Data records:
※ ※ ※

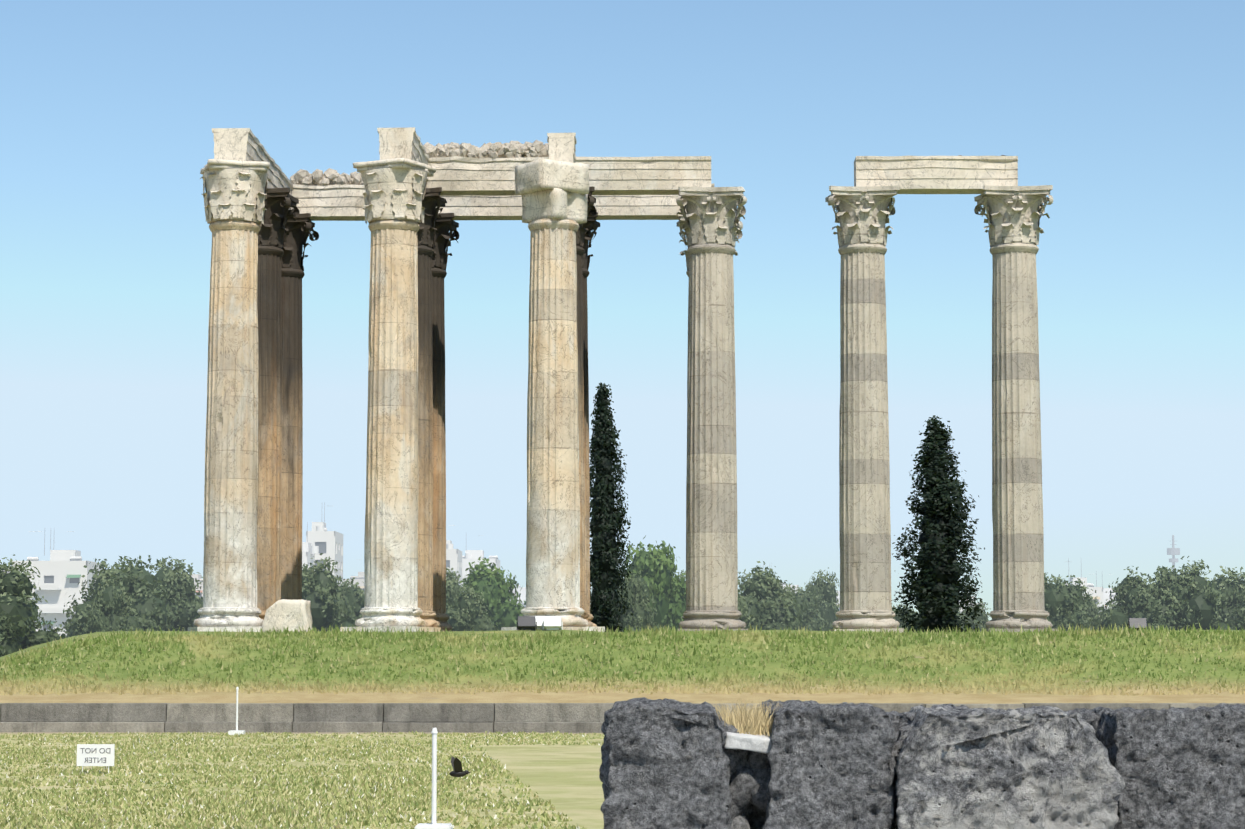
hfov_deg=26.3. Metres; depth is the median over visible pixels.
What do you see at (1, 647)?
olive tree
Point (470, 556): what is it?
apartment building
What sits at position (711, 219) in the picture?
column
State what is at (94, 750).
sign lettering
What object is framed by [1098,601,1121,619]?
olive tree
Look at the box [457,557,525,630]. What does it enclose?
broadleaf tree
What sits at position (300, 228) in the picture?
column
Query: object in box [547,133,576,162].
architrave stub
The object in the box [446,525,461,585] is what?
apartment building
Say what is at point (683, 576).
olive tree
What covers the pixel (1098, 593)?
apartment building
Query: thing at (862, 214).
column
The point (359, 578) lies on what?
apartment building
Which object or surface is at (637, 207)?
architrave
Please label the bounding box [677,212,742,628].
column
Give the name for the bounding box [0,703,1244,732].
retaining wall
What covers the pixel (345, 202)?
architrave
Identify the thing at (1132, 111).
sky
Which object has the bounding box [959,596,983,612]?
apartment building
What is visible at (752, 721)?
straw tuft
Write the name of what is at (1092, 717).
rock
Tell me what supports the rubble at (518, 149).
on the architrave at (457, 176)
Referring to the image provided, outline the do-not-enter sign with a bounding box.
[77,744,114,772]
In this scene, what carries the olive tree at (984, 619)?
on the ground
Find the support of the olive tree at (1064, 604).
on the ground
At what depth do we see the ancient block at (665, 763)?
14.34 m
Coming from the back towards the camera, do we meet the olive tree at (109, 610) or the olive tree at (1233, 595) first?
the olive tree at (1233, 595)
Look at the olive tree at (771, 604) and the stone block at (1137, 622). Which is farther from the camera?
the olive tree at (771, 604)
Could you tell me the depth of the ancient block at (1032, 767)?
14.25 m
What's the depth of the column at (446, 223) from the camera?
101.83 m
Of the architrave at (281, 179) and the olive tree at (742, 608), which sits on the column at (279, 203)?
the architrave at (281, 179)
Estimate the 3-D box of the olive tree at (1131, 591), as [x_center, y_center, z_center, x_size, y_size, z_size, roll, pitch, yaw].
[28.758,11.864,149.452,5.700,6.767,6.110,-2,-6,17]
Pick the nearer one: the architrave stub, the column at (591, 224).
the architrave stub
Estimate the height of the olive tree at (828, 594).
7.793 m
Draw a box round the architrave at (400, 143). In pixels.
[377,127,428,164]
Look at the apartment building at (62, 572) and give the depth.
421.12 m
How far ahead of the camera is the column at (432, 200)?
96.32 m
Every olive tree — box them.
[0,554,69,655]
[0,629,10,656]
[58,555,181,638]
[76,575,145,634]
[149,556,202,630]
[302,553,356,631]
[336,577,364,626]
[446,566,478,614]
[446,582,500,630]
[616,566,664,631]
[673,569,685,602]
[738,561,810,630]
[738,589,762,629]
[784,583,828,630]
[804,567,839,630]
[893,604,918,632]
[961,598,990,631]
[1044,572,1098,630]
[1082,592,1102,628]
[1091,566,1179,630]
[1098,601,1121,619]
[1138,556,1234,630]
[1204,566,1244,628]
[1223,585,1244,629]
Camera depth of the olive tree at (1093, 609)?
168.31 m
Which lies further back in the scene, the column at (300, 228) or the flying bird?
the column at (300, 228)
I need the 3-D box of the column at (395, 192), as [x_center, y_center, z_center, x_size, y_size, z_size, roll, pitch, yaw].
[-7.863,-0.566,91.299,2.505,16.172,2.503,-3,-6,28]
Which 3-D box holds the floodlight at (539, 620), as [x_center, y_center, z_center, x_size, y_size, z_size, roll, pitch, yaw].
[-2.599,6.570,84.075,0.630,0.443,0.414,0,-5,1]
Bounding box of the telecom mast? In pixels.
[1167,535,1179,571]
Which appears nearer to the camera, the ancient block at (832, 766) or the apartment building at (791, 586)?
the ancient block at (832, 766)
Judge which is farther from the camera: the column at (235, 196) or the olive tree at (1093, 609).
the olive tree at (1093, 609)
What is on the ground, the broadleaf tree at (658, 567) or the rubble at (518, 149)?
the broadleaf tree at (658, 567)
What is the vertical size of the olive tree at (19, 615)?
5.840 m
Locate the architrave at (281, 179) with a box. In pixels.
[272,163,292,209]
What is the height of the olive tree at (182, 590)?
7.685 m
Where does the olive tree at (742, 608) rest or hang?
on the ground
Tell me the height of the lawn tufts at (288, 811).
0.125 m
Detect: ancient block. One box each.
[599,697,732,828]
[760,699,896,828]
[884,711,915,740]
[892,703,1124,828]
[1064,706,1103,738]
[1087,703,1244,828]
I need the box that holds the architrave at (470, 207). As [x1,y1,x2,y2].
[436,195,521,219]
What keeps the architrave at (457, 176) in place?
on the column at (432, 200)
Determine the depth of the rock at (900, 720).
14.93 m
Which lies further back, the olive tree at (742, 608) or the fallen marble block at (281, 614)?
the olive tree at (742, 608)
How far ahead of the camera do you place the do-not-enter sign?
36.82 m
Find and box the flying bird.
[445,756,470,776]
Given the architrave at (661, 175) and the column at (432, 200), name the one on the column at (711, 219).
the architrave at (661, 175)
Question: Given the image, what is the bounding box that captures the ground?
[0,630,1244,828]
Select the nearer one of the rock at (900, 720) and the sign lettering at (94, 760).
the rock at (900, 720)
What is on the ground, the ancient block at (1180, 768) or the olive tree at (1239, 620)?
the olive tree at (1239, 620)
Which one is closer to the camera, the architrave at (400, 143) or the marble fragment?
the marble fragment
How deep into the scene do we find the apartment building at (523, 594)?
699.26 m
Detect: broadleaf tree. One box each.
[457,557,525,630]
[616,535,685,631]
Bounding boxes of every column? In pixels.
[188,159,270,631]
[257,188,299,619]
[281,213,318,631]
[340,158,440,631]
[417,187,446,631]
[431,213,458,630]
[501,158,604,631]
[576,186,596,626]
[582,212,599,626]
[676,187,747,630]
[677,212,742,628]
[825,186,903,631]
[974,185,1056,631]
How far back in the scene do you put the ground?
64.18 m
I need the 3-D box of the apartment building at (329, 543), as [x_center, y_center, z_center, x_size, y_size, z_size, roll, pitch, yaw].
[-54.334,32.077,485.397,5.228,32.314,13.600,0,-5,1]
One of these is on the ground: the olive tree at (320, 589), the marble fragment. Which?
the olive tree at (320, 589)
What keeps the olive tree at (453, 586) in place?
on the ground
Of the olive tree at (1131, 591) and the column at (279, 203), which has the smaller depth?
the column at (279, 203)
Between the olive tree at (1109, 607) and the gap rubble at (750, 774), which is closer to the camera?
the gap rubble at (750, 774)
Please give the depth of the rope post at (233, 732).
57.10 m
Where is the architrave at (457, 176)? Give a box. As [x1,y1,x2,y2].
[427,156,548,195]
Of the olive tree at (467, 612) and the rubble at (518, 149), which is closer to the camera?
the rubble at (518, 149)
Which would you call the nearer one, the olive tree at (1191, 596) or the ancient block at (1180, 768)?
the ancient block at (1180, 768)
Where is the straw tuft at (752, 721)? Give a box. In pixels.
[712,696,784,736]
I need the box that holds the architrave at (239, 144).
[212,128,274,188]
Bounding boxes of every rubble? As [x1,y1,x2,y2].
[290,168,363,185]
[423,140,548,157]
[721,724,770,828]
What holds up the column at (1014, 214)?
on the ground
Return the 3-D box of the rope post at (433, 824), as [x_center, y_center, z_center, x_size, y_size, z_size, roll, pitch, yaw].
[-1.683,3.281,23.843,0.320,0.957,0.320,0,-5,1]
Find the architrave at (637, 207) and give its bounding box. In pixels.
[587,184,713,219]
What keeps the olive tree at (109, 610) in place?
on the ground
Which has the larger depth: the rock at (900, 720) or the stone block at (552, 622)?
the stone block at (552, 622)
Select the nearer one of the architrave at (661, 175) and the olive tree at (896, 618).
the architrave at (661, 175)
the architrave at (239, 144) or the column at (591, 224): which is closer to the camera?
the architrave at (239, 144)
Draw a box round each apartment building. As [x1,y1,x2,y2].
[12,531,101,635]
[191,574,202,597]
[302,522,318,569]
[306,502,342,585]
[343,572,364,589]
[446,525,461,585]
[462,550,499,586]
[509,585,525,606]
[763,570,798,592]
[836,579,839,609]
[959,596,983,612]
[1065,558,1104,617]
[1096,580,1115,609]
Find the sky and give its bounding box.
[0,0,1244,620]
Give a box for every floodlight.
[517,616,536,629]
[535,616,543,629]
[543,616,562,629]
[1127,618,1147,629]
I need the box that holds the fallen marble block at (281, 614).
[262,599,312,631]
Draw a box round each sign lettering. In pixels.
[80,748,109,752]
[84,758,105,762]
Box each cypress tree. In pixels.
[589,383,633,631]
[892,415,985,632]
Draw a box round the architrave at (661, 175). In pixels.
[576,156,710,194]
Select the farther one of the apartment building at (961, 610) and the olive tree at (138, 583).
the apartment building at (961, 610)
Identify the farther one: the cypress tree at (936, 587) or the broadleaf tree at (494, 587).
the broadleaf tree at (494, 587)
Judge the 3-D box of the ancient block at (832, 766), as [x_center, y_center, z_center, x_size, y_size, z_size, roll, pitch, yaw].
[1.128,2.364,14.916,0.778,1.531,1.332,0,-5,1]
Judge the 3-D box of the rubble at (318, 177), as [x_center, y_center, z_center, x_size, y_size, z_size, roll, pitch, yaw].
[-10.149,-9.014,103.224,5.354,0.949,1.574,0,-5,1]
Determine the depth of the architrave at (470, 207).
102.49 m
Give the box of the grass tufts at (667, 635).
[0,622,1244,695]
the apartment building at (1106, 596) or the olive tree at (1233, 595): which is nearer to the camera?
the olive tree at (1233, 595)
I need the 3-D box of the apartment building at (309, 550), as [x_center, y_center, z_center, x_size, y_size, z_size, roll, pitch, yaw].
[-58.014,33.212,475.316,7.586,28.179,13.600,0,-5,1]
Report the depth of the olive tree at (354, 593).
158.91 m
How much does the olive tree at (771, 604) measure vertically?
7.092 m
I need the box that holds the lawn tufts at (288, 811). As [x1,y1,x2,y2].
[0,731,603,828]
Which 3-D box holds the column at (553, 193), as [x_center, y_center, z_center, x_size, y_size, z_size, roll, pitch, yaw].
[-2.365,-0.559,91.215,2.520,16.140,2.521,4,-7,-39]
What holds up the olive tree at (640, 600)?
on the ground
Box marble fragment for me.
[724,732,771,753]
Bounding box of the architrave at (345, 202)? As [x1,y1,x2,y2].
[291,184,367,220]
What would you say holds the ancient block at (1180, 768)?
on the path paving
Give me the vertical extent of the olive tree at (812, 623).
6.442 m
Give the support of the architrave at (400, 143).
on the column at (395, 192)
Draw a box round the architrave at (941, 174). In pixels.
[854,156,1017,193]
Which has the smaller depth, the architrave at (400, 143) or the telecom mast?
the architrave at (400, 143)
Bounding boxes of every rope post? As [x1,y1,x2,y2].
[228,687,244,734]
[414,728,452,828]
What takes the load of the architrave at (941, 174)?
on the column at (862, 214)
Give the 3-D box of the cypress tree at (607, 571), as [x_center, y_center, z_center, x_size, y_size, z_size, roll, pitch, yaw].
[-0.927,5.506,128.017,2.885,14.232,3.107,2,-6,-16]
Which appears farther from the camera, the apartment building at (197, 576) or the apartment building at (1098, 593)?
the apartment building at (197, 576)
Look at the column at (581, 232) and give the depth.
96.36 m

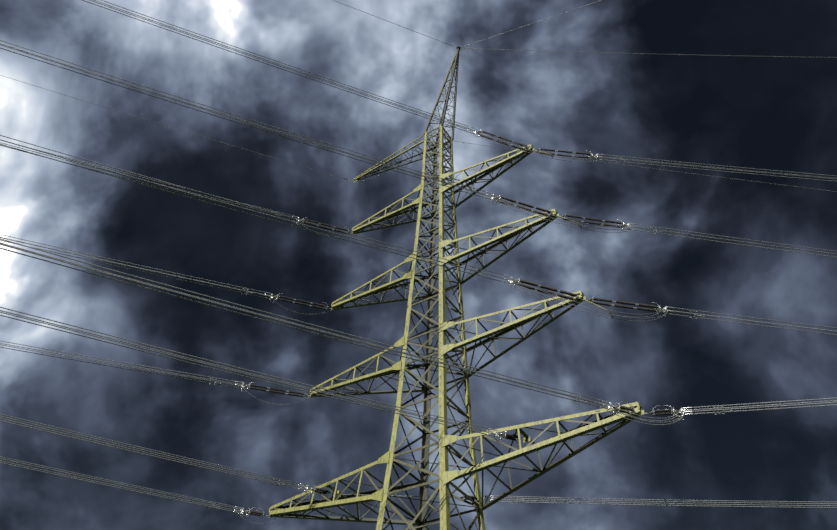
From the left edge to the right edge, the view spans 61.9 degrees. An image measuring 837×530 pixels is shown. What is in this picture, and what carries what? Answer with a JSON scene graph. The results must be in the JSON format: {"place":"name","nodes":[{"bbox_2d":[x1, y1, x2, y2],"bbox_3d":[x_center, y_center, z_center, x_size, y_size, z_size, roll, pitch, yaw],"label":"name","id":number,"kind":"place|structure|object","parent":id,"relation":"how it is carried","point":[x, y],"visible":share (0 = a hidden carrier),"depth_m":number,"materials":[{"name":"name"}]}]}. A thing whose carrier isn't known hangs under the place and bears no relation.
{"place":"outdoors","nodes":[
{"label":"outdoors","id":0,"kind":"place"},
{"bbox_2d":[0,0,836,529],"label":"sky","id":1,"kind":"structure","parent":0,"point":[746,109],"materials":[{"name":"grey"}]},
{"label":"meadow ground","id":2,"kind":"structure","parent":0,"visible":0},
{"bbox_2d":[0,0,836,529],"bbox_3d":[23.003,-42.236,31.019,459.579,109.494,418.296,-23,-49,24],"label":"power lines","id":3,"kind":"object","parent":2,"relation":"on","point":[624,414],"visible":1,"depth_m":61.05,"materials":[{"name":"green paint"}]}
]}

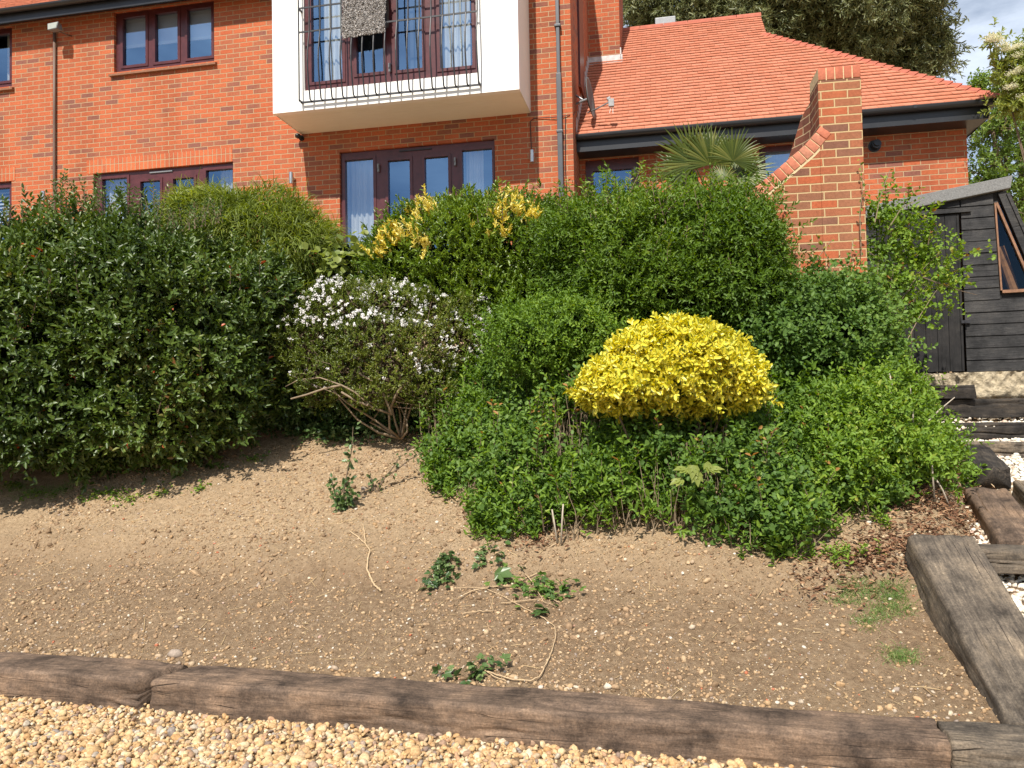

※ ※ ※

■ TRY IT: Your task is to retype the entries verbatim, starting with the line that holds "Estimate the 3-D" and stopping after the line that holds "[-7.863,-0.566,91.299,2.505,16.172,2.503,-3,-6,28]".

■ ANSWER TO THE PROBLEM:
Estimate the 3-D box of the olive tree at (1131, 591), as [x_center, y_center, z_center, x_size, y_size, z_size, roll, pitch, yaw].
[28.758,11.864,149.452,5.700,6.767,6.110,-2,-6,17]
Pick the nearer one: the architrave stub, the column at (591, 224).
the architrave stub
Estimate the height of the olive tree at (828, 594).
7.793 m
Draw a box round the architrave at (400, 143). In pixels.
[377,127,428,164]
Look at the apartment building at (62, 572) and give the depth.
421.12 m
How far ahead of the camera is the column at (432, 200)?
96.32 m
Every olive tree — box them.
[0,554,69,655]
[0,629,10,656]
[58,555,181,638]
[76,575,145,634]
[149,556,202,630]
[302,553,356,631]
[336,577,364,626]
[446,566,478,614]
[446,582,500,630]
[616,566,664,631]
[673,569,685,602]
[738,561,810,630]
[738,589,762,629]
[784,583,828,630]
[804,567,839,630]
[893,604,918,632]
[961,598,990,631]
[1044,572,1098,630]
[1082,592,1102,628]
[1091,566,1179,630]
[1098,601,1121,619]
[1138,556,1234,630]
[1204,566,1244,628]
[1223,585,1244,629]
Camera depth of the olive tree at (1093, 609)?
168.31 m
Which lies further back in the scene, the column at (300, 228) or the flying bird?
the column at (300, 228)
I need the 3-D box of the column at (395, 192), as [x_center, y_center, z_center, x_size, y_size, z_size, roll, pitch, yaw].
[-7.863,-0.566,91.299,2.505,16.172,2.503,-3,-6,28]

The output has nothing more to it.